__About this task__.
Your answer should consist only of the lines below from the one with "land use: Forestry" through the one with "longitude: 23.6181", copied exactly.

__Provided material__.
════════════════

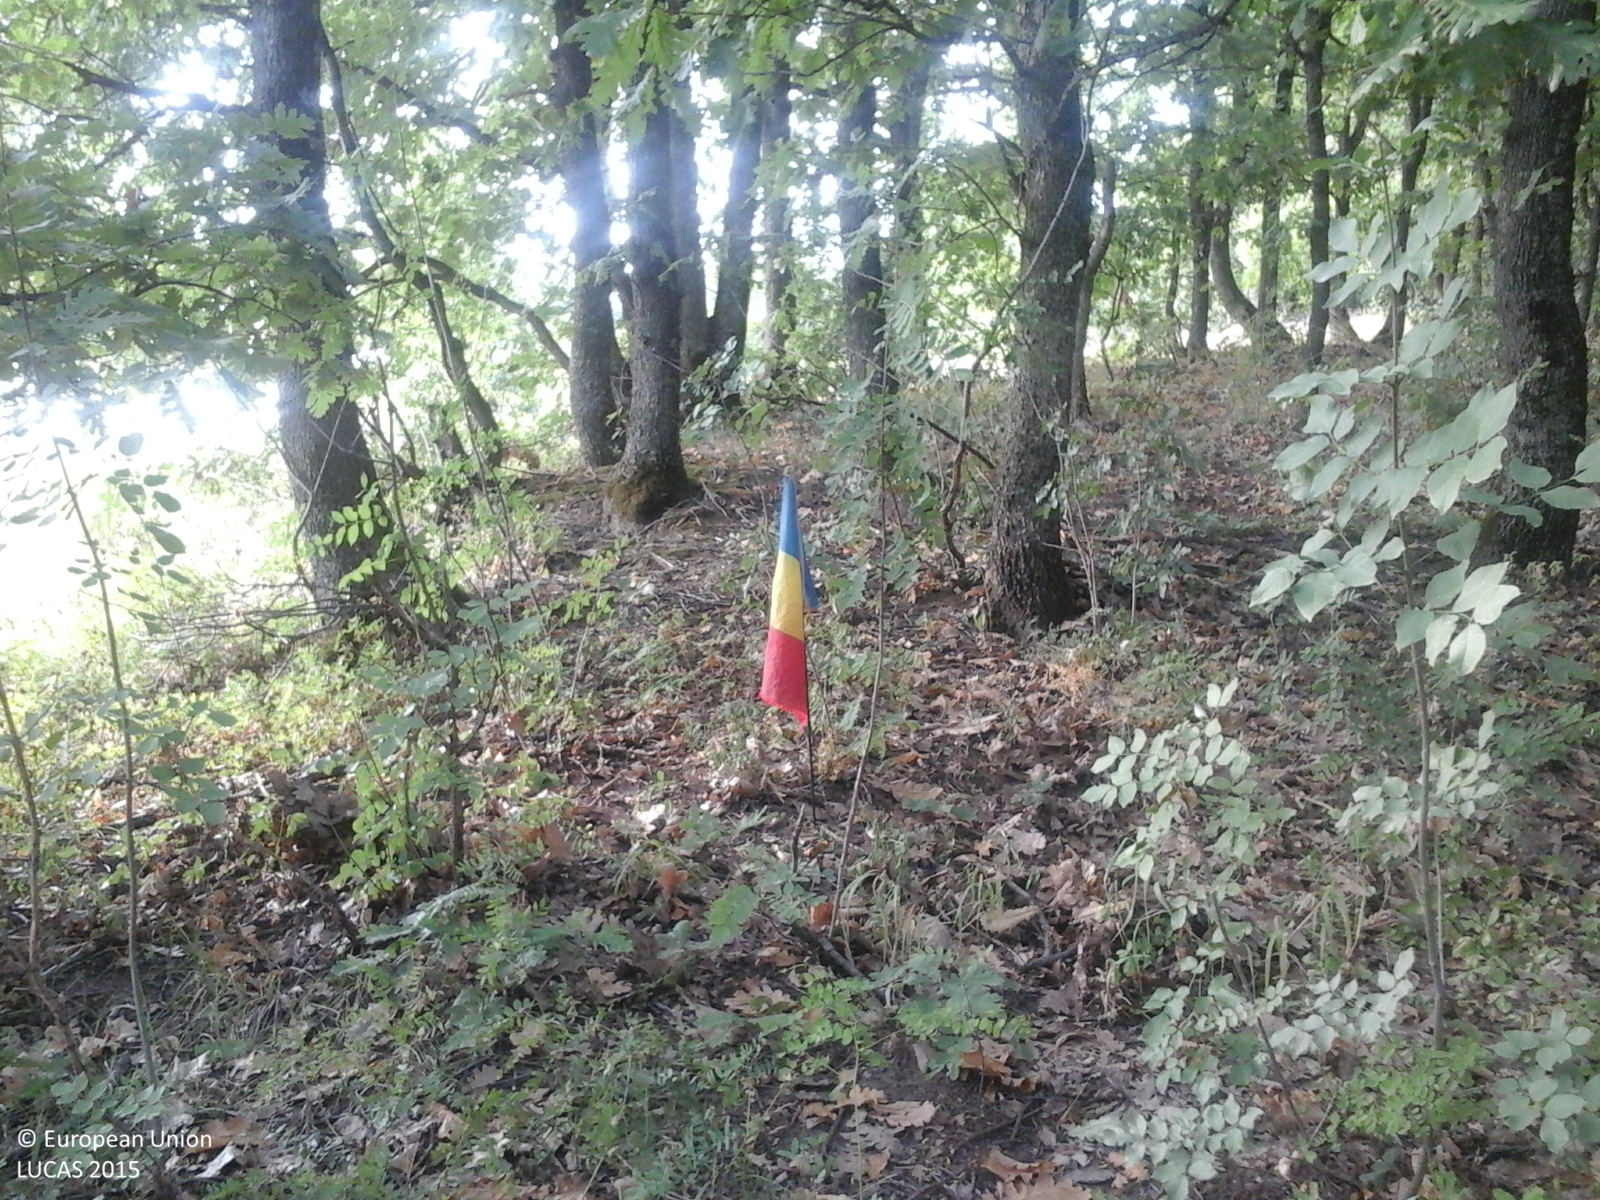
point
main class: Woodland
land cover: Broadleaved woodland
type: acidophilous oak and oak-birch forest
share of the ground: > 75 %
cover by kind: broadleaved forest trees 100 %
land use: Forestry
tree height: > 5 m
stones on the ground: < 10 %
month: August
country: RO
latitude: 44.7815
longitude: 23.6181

════════════════

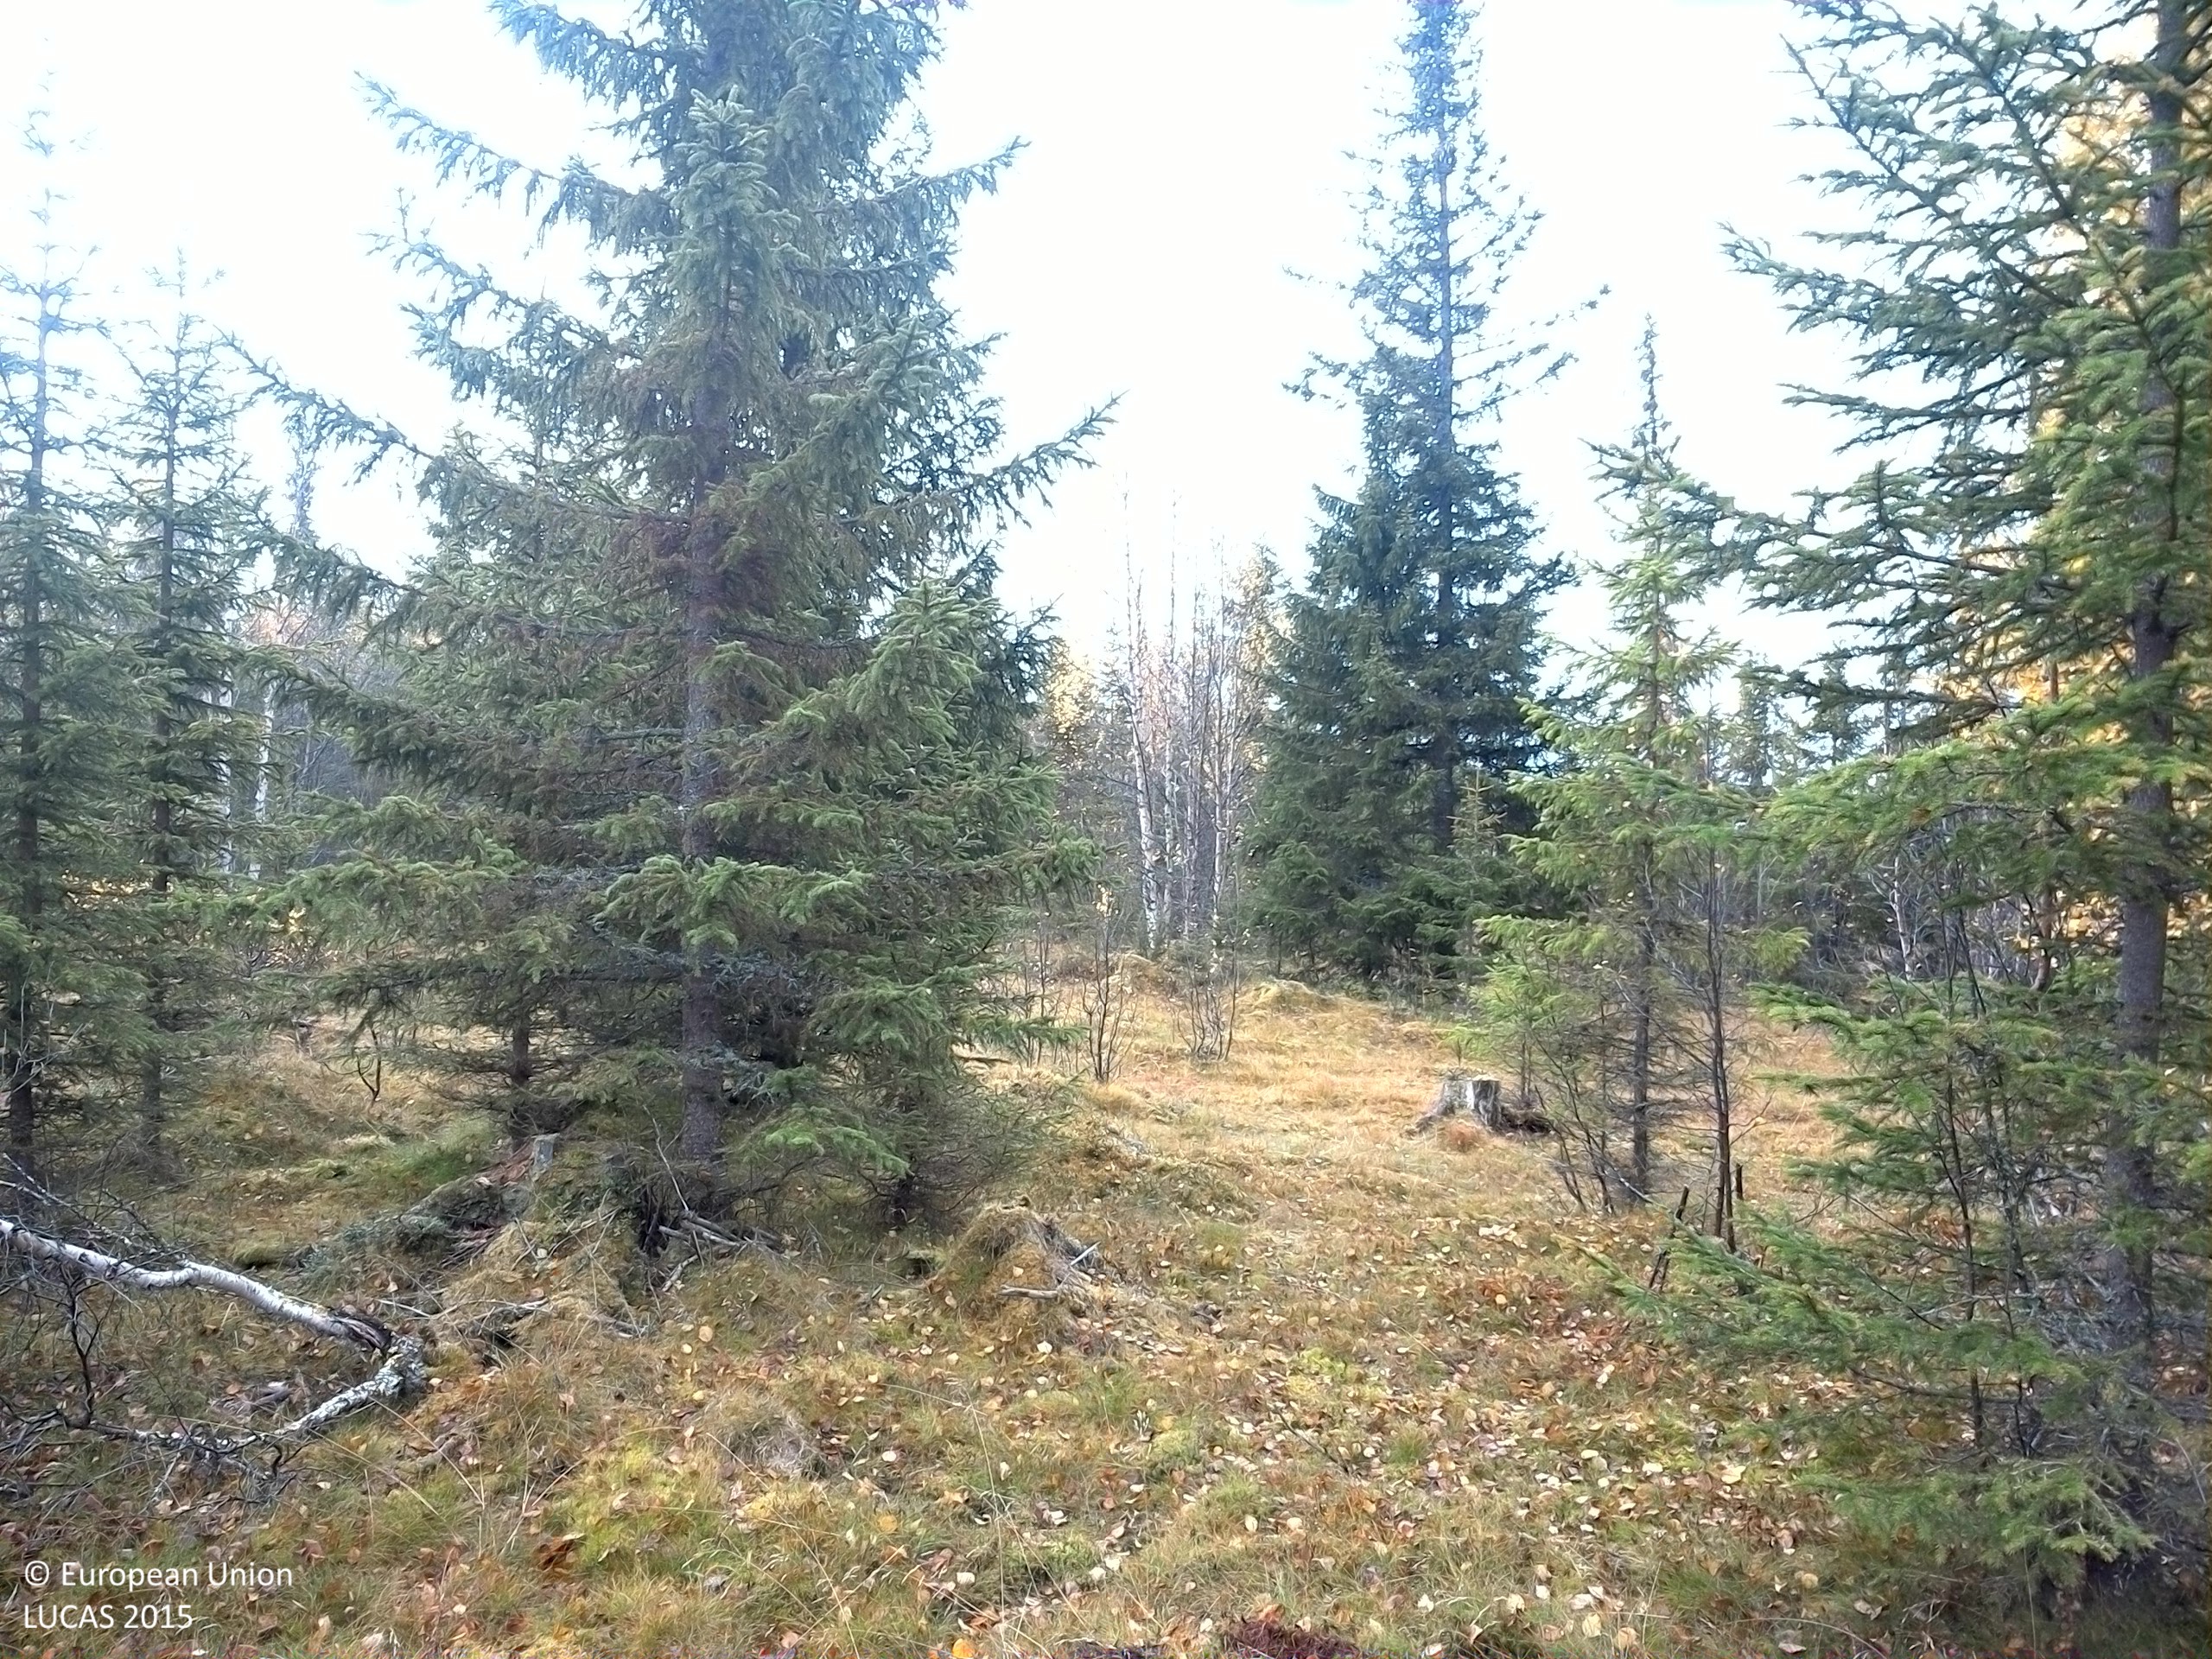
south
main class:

════════════════

__Result of the exercise__.
land use: Forestry
tree height: > 5 m
stones on the ground: < 10 %
month: August
country: RO
latitude: 44.7815
longitude: 23.6181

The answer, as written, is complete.